Let us now praise the local sushi joint, the restaurant genre in which Japanese chefs throw away any pretense of authenticity in the name of pleasing Americans. They’re all over Orange County, almost rarely patronized by actual Japanese (who head to Tustin or Costa Mesa for a taste of home), yet always busy because fat-conscious OC still thinks polishing off a hand roll and a cut roll glopped with mayo and teriyaki sauce in one sitting is still healthy.

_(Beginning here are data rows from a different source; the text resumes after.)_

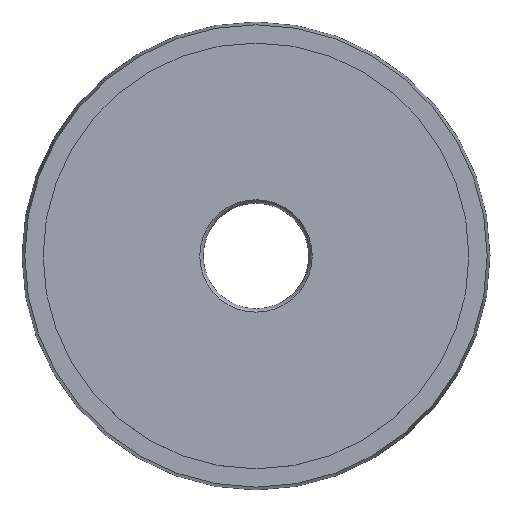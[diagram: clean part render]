
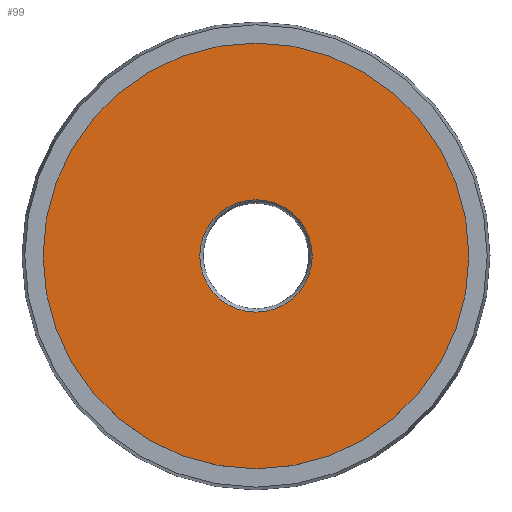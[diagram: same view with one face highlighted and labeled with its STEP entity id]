
A CAD part, top view. The second image highlights one B-rep face of the part: STEP entity #99.
In plain terms, the highlighted planar face has unit normal (0, 0, 1).
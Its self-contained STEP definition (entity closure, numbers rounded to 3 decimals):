
#5 = EDGE_CURVE ( 'NONE', #124, #78, #555, .T. ) ;
#7 = EDGE_LOOP ( 'NONE', ( #46, #596 ) ) ;
#21 = FACE_OUTER_BOUND ( 'NONE', #351, .T. ) ;
#22 = DIRECTION ( 'NONE',  ( 1., 0., 0. ) ) ;
#35 = CIRCLE ( 'NONE', #61, 4. ) ;
#46 = ORIENTED_EDGE ( 'NONE', *, *, #289, .F. ) ;
#61 = AXIS2_PLACEMENT_3D ( 'NONE', #183, #313, #520 ) ;
#78 = VERTEX_POINT ( 'NONE', #147 ) ;
#84 = CIRCLE ( 'NONE', #436, 4. ) ;
#88 = DIRECTION ( 'NONE',  ( 1., 0., 0. ) ) ;
#96 = ORIENTED_EDGE ( 'NONE', *, *, #5, .T. ) ;
#99 = ADVANCED_FACE ( 'NONE', ( #546, #21 ), #328, .F. ) ;
#124 = VERTEX_POINT ( 'NONE', #207 ) ;
#127 = DIRECTION ( 'NONE',  ( 0., 0., 1. ) ) ;
#147 = CARTESIAN_POINT ( 'NONE',  ( -15.15, 0., 0. ) ) ;
#151 = ORIENTED_EDGE ( 'NONE', *, *, #383, .T. ) ;
#183 = CARTESIAN_POINT ( 'NONE',  ( 0., 0., 0. ) ) ;
#194 = CARTESIAN_POINT ( 'NONE',  ( 0., 0., 0. ) ) ;
#207 = CARTESIAN_POINT ( 'NONE',  ( 15.15, 0., 0. ) ) ;
#237 = CARTESIAN_POINT ( 'NONE',  ( 0., 0., 0. ) ) ;
#246 = EDGE_CURVE ( 'NONE', #382, #326, #84, .T. ) ;
#289 = EDGE_CURVE ( 'NONE', #326, #382, #35, .T. ) ;
#301 = CIRCLE ( 'NONE', #364, 15.15 ) ;
#306 = CARTESIAN_POINT ( 'NONE',  ( 0., 0., 0. ) ) ;
#313 = DIRECTION ( 'NONE',  ( 0., 0., 1. ) ) ;
#326 = VERTEX_POINT ( 'NONE', #423 ) ;
#328 = PLANE ( 'NONE',  #593 ) ;
#351 = EDGE_LOOP ( 'NONE', ( #96, #151 ) ) ;
#364 = AXIS2_PLACEMENT_3D ( 'NONE', #237, #368, #88 ) ;
#368 = DIRECTION ( 'NONE',  ( 0., 0., 1. ) ) ;
#382 = VERTEX_POINT ( 'NONE', #530 ) ;
#383 = EDGE_CURVE ( 'NONE', #78, #124, #301, .T. ) ;
#423 = CARTESIAN_POINT ( 'NONE',  ( 4., 0., 0. ) ) ;
#436 = AXIS2_PLACEMENT_3D ( 'NONE', #306, #127, #567 ) ;
#479 = DIRECTION ( 'NONE',  ( 0., 0., -1. ) ) ;
#519 = AXIS2_PLACEMENT_3D ( 'NONE', #610, #558, #22 ) ;
#520 = DIRECTION ( 'NONE',  ( 1., 0., 0. ) ) ;
#530 = CARTESIAN_POINT ( 'NONE',  ( -4., 0., 0. ) ) ;
#546 = FACE_BOUND ( 'NONE', #7, .T. ) ;
#555 = CIRCLE ( 'NONE', #519, 15.15 ) ;
#558 = DIRECTION ( 'NONE',  ( 0., 0., 1. ) ) ;
#567 = DIRECTION ( 'NONE',  ( 1., 0., 0. ) ) ;
#593 = AXIS2_PLACEMENT_3D ( 'NONE', #194, #479, #597 ) ;
#596 = ORIENTED_EDGE ( 'NONE', *, *, #246, .F. ) ;
#597 = DIRECTION ( 'NONE',  ( -1., 0., 0. ) ) ;
#610 = CARTESIAN_POINT ( 'NONE',  ( 0., 0., 0. ) ) ;

These neighborhood spots are of varying worth and don’t really get customers outside of their neighborhood because everyone has one near where they live. I lost mine years ago, when the chef behind the counter complained that I cussed too much when I talked with friends. But I think I’ve found a new place in Mika Sushi. It’s not a local sushi restaurant, per se: most of its customers come from the nearby CHOC and St. Joseph Hospital, the OCTA, or other office buildings, or they are commuters looking for a quick bite before hopping onto the 5.

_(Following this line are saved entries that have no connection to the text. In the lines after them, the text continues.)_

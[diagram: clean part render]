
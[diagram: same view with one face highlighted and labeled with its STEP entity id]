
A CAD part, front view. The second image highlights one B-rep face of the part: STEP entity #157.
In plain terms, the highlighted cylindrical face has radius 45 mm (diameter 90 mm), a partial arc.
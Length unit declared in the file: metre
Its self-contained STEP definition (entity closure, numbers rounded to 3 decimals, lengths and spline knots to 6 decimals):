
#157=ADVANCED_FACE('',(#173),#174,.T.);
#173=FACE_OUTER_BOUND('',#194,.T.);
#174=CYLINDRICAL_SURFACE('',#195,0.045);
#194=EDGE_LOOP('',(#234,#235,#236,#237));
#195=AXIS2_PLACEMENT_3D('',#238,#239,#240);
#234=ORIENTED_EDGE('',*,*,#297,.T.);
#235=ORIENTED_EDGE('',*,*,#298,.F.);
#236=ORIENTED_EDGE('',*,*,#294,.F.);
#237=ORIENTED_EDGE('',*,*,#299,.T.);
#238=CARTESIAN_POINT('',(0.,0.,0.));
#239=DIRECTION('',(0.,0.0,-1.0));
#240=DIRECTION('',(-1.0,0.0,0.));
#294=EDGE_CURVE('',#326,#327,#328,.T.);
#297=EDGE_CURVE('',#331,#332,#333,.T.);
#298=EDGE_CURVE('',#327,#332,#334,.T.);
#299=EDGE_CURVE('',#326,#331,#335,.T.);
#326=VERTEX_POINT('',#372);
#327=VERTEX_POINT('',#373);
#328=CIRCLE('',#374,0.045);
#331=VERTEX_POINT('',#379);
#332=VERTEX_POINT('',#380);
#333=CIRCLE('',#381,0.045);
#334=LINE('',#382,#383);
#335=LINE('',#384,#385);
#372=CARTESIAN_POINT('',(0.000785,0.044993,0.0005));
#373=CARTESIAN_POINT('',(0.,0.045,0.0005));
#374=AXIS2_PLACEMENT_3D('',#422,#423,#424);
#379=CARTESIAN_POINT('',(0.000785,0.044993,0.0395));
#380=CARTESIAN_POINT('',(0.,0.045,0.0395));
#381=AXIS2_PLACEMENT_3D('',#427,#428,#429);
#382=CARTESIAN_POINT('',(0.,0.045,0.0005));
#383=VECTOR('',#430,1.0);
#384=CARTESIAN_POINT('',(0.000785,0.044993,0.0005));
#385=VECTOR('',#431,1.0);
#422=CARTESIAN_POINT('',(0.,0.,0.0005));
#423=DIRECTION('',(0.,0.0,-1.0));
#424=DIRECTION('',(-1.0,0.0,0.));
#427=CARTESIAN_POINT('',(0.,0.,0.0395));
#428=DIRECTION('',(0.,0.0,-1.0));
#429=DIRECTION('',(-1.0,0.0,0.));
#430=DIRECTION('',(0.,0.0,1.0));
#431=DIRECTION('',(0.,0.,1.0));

But Mika features everything a casual sushi-eater needs: an encyclopedic menu that spans everything from teriyaki bowls to udon to build-your-own bento box combos, plus a jaw-dropping selection of more than 50 sushi rolls. The names alone are worth a visit: explosive (Dynamite, T.N.T.), murderous (both the Tuna Killer and Salmon Killer are just the namesake fish on top of themselves), ethnic (the difference between the Aloha and Hawaiian? The former has fried onions and albacore), descriptive (Hot Night roll has spicy tuna and Sriracha), and just weird (who’s Jessica, and why is her roll a simple shrimp crunch roll with toppings alternating between salmon and tuna?). Honestly, the rolls all taste the same after a while, especially because Mika doesn’t go light with its various sauces. But they’re all good, and simplicity is okay—sometimes, you and your pals don’t want to try some esoteric fish composed with the beauty of a ukiyo-e print.